After you have a dataset, you can train your own model by following this repository
deep-text-recognition-benchmark.
The network needs to be fully convolutional in order to predict flexible text length. Our current network is 'None-VGG-BiLSTM-CTC'.
Once you have your trained model (a .pth
file), you need 2 additional files describing recognition network architecture and model configuration.
An example is provided in custom_example.zip
file here.
Please do not create an issue about data generation and model training in this repository. If you have any question regarding data generation and model training, please ask in the respective repositories.
Note: We also provide our version of a training script here. It is a modified version from deep-text-recognition-benchmark.
2. Web-based approach
Jaided AI provides a web-based (paid) service for training your own model here. You can train your model on the cloud and export it for local deployment. All 3 files are downloadable once the model has finished training.
To use your own recognition model, you need the three files from the open-source or web-based approach above. These three files have to share the same name (i.e. yourmodel.pth
, yourmodel.yaml
, yourmodel.py
) that you will then use to call your model with in the EasyOCR API.

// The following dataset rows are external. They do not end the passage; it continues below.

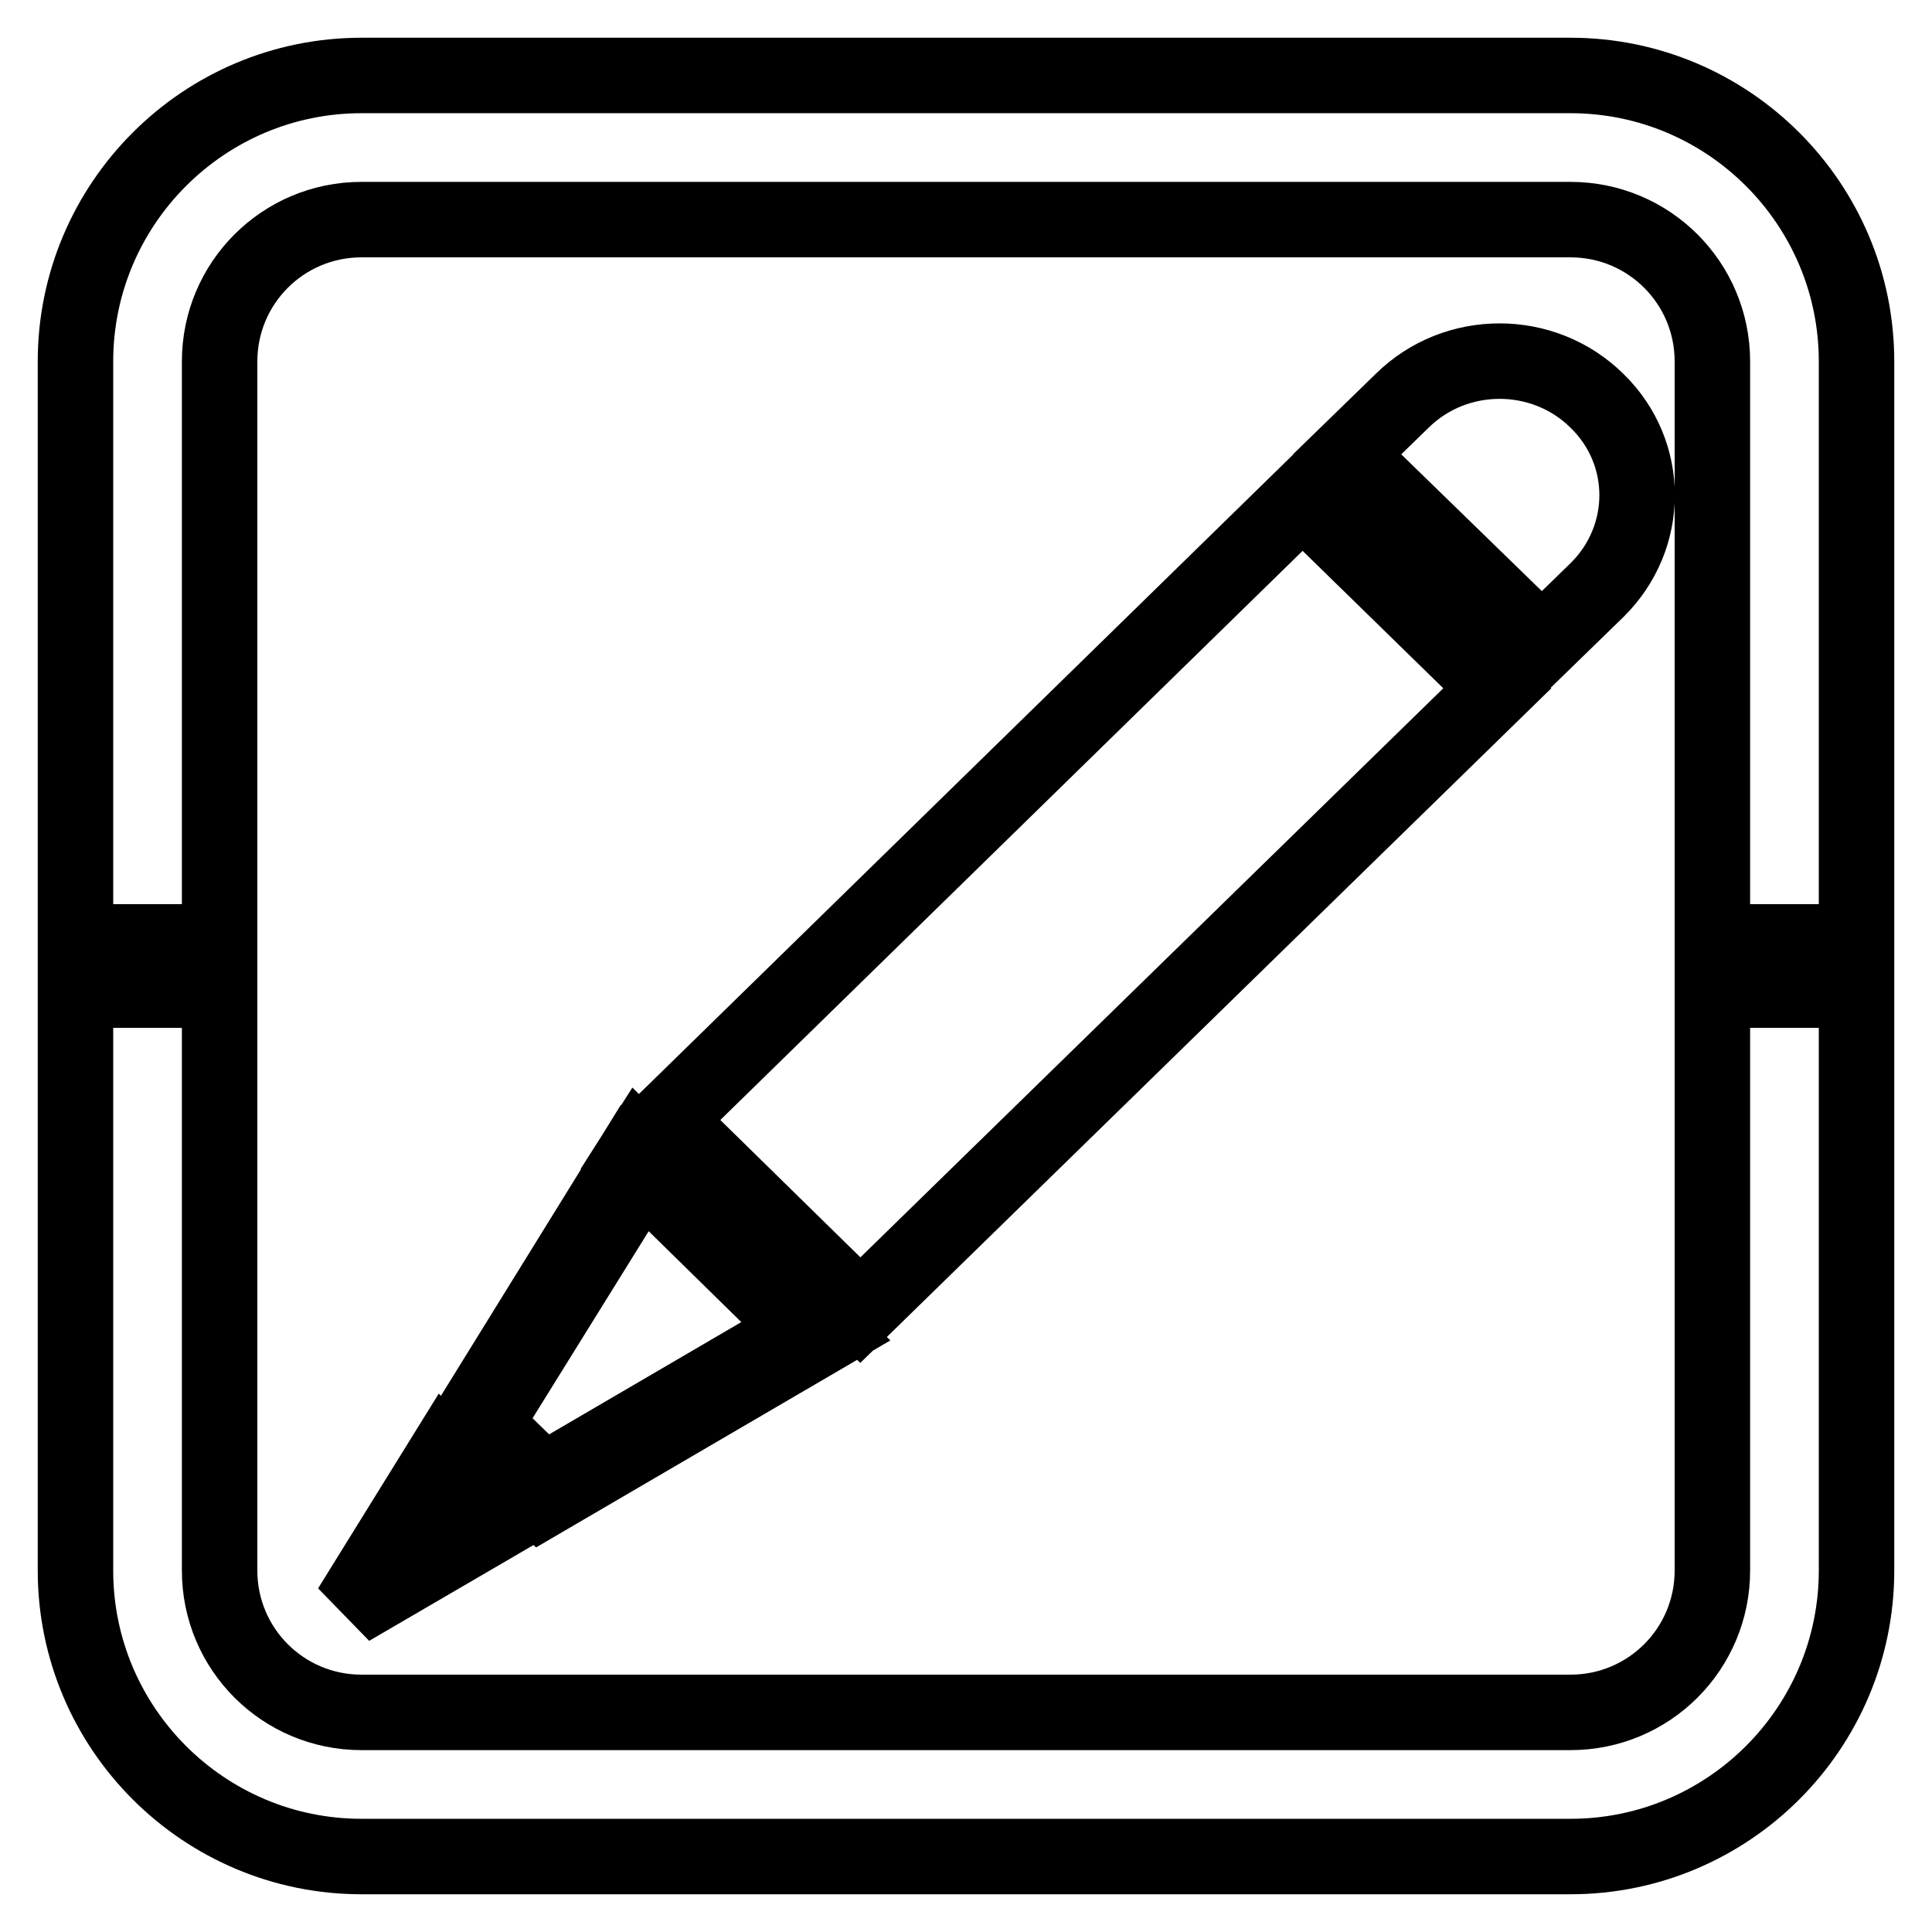 <?xml version="1.0" encoding="utf-8"?>
<!-- Svg Vector Icons : http://www.onlinewebfonts.com/icon -->
<!DOCTYPE svg PUBLIC "-//W3C//DTD SVG 1.1//EN" "http://www.w3.org/Graphics/SVG/1.1/DTD/svg11.dtd">
<svg version="1.1" xmlns="http://www.w3.org/2000/svg" xmlns:xlink="http://www.w3.org/1999/xlink" x="0px" y="0px" viewBox="0 0 256 256" enable-background="new 0 0 256 256" xml:space="preserve">
<g><g><path stroke-width="10" fill-opacity="0" stroke="#000000"  d="M226.9,208.1c0,10.4-8.4,18.8-18.8,18.8H47.9c-10.4,0-18.8-8.4-18.8-18.8v-76.9H10v76.9C10,229,27,246,47.9,246h160.2c20.9,0,37.9-17,37.9-37.9v-76.9h-19.1V208.1z M208.1,10H47.9C27,10,10,27,10,47.9v76.9h19.1V47.9c0-10.4,8.4-18.8,18.8-18.8h160.2c10.4,0,18.8,8.4,18.8,18.8v76.9H246V47.9C246,27,229,10,208.1,10z M108.5,176.6l-23.6-22.9L63,189.1l8.8,8.5L108.5,176.6z M211.6,53.1c-7.1-7-18.7-7-25.8,0l-7.3,7.1l25.8,25.1l7.3-7.1C218.7,71.2,218.7,60,211.6,53.1z M198.4,91.2L172.6,66l-84.3,82.4l25.7,25.2L198.4,91.2z M67.5,200.8l-8.4-8.2l-12.7,20.5L67.5,200.8z M109.8,176.6l-38,22.2l-10-9.8L84,153.1l0.9,0.5l-0.9-0.5l0.7-1.1L109.8,176.6L109.8,176.6z M85,155.2l-20.8,33.5l7.8,7.6l34.4-20.1L85,155.2L85,155.2z"/></g></g>
</svg>

We provide custom_example.zip
as an example. Please download, extract and place custom_example.py
, custom_example.yaml
in the user_network_directory
(default = ~/.EasyOCR/user_network
) and place custom_example.pth
in model directory (default = ~/.EasyOCR/model
)
Once you place all 3 files in their respective places, you can use custom_example
by
specifying recog_network
like this reader = easyocr.Reader(['en'], recog_network='custom_example')
.